С трудом она заставила себя отвернуться от распахнутого окна и развязала тесемки, стягивающие ее дорожный мешок. На вытаскивание немудрящего имущества вроде гребня, коробочки то ли с кремом, то ли с пудрой и перемотанного нитками игольника не потребовалось много времени. К тому же девушка непонятным образом торопилась, словно ее кто-то подгонял. Даже не оглянувшись в сторону разобранной постели, из матраса которой торчали острые травинки, она подошла к большому зеркалу – единственному по-настоящему красивому предмету в пыльной мансарде, хоть и настолько же неухоженному. Зеркальная рама была оплетена толстыми виноградными гирляндами. В подернутом тонкой серебристой пылью зеркальной глади отразилось юное и мрачное лицо молодой девушки, между бровями ее пролегла глубокая складка. С ней странно сочетался округлый рисунок щек и прозрачные серые глаза с отливом в синеву. Девушка некоторое время с насмешливой улыбкой изучала свое наклоненное к плечу лицо. Ее губы все сильнее искривлялись в язвительной гримасе, полной неожиданной тоски, и наконец она, словно не выдержав, рванула пряжку, скрепляющую плащ у шеи, и бархатная темная ткань мягко осела на пол у ее каблуков. Девушка чуть опустила веки, скрывая под темными ресницами внезапно расцветшее на лице облегчение, и придвинулась к зеркалу, запрокинув голову назад и пристально глядя в собственные зрачки. На ее лопатках медленно развернулись два сильных крыла, до того плотно сложенных и прижатых к спине, покрытые темно-рыжими перьями, чуть темнее, чем яркие кудри на ее голове.

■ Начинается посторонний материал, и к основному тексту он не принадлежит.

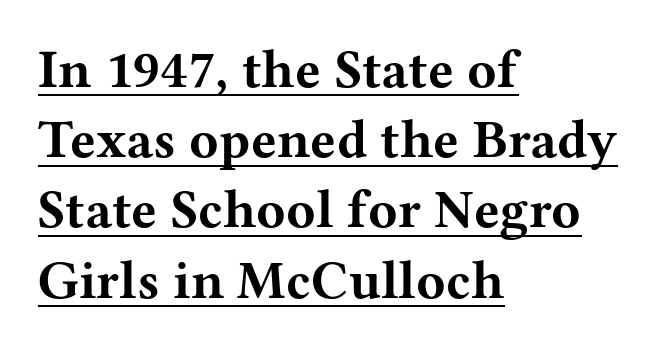
The image shows 54 px bold, wide serif type, upright; set left-aligned, normal line spacing (1.3x), normal letter spacing, underlined; medium stroke contrast and a medium x-height.
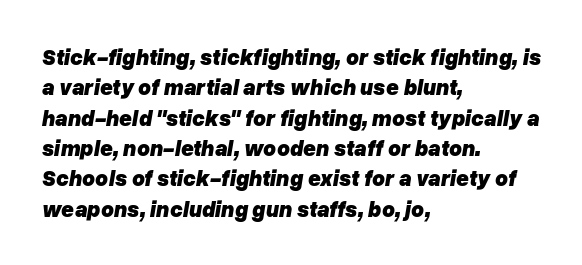
The image shows 22 px bold type, italic (leaning right); set left-aligned, normal line spacing (1.38x), normal letter spacing, not underlined.
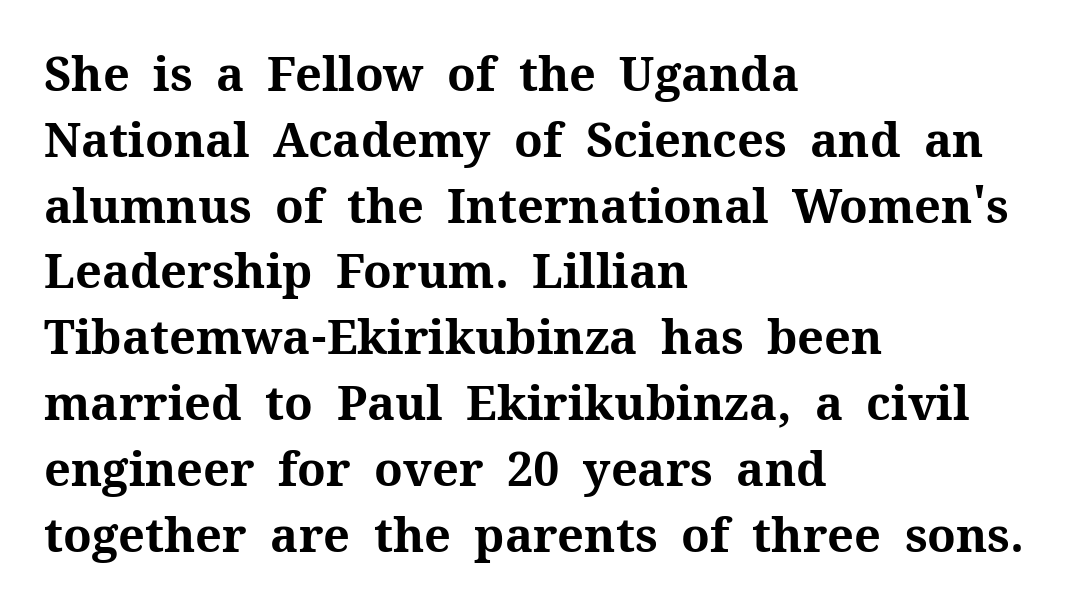
{"serif": "yes", "italic": "no", "bold": "yes", "weight": "bold", "width": "normal", "stroke_contrast": "medium", "x_height": "medium", "monospaced": "no", "underline": "no", "align": "left", "line_spacing": "normal", "line_spacing_ratio": 1.4, "letter_spacing": "normal", "letter_spacing_em": 0.0, "glyph_px": 47}
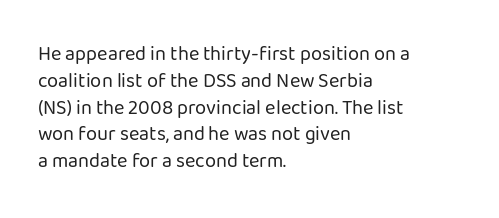
Q: Is the text bold? A: No.
Q: Is the text italic (slanted)? A: No, it is upright.
Q: Is the text underlined? A: No.
Q: How is the paragraph aligned? A: Left-aligned.
Q: Is the spacing between letters normal or unusually wide? A: Normal.
Q: Is the spacing between lines tight, normal or loose? A: Normal.
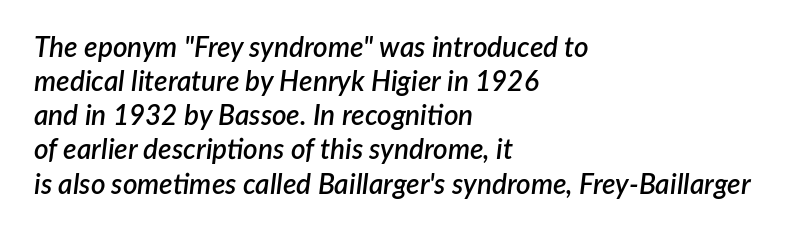
{"italic": "yes", "lean": "right", "slant_degrees": 7, "bold": "semi", "weight": "semibold", "width": "normal", "stroke_contrast": "low", "x_height": "medium", "monospaced": "no", "underline": "no", "align": "left", "line_spacing_ratio": 1.22, "letter_spacing": "normal", "letter_spacing_em": 0.0, "glyph_px": 28}
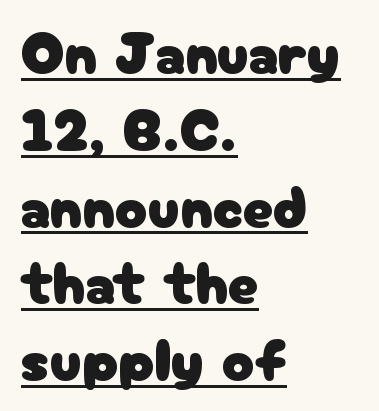
In terms of letterspacing, this is plain default setting. Unlike a traditional serif, this face leaves its strokes unadorned. A rule runs beneath these lines of type. Evenly set lines give the paragraph a standard silhouette.
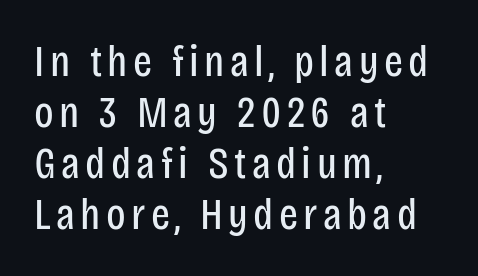
This is not heavy type; no bold has been used. Type style note: lacks serifs. Only glyphs here, with clear space below each row. Layout note: lines flush left. Characters remain perfectly vertical along every line.

В развернутом состоянии каждое крыло было размером в ее рост, поэтому в комнате сразу стало тесно. С внутренней стороны они были немного светлее и покрыты тонким рыжеватым пухом, сзади заметно темнее, с длинными, плотно прилегающими друг к другу перьями. Крылья чуть подрагивали, заставляя девушку переступать на месте.
"Почему люди… все считают это уродством?"
На мгновение на ее лицо набежала тень, заставив сдвинуть брови и приподнять крылья за спиной. Но они не могли долго оставаться напряженными и прижатыми друг к другу, словно перед пикирующей атакой. Раскрытое окно притягивало ее, как магнит, и Гвендолен резко отвернулась от зеркала.
– Тебе, о Эштарра, посвящаю мой полет, – пробормотала она скороговоркой и скорее заученно, чем вкладывая в эти слова какие-то чувства. – Укрепи мои крылья и подними мою душу к луне. – Она изобразила легкую гримаску, забираясь на подоконник. Эштарра, богиня луны и покровительница крылатых, казалась ей совершенно отвлеченным существом, но она привыкла следовать заученному в детстве ритуалу, и вместе с тем испытывала легкую неуверенность – а вдруг она действительно существует, эта богиня? Откуда тогда эта неослабевающая тяга летать именно в лунные ночи?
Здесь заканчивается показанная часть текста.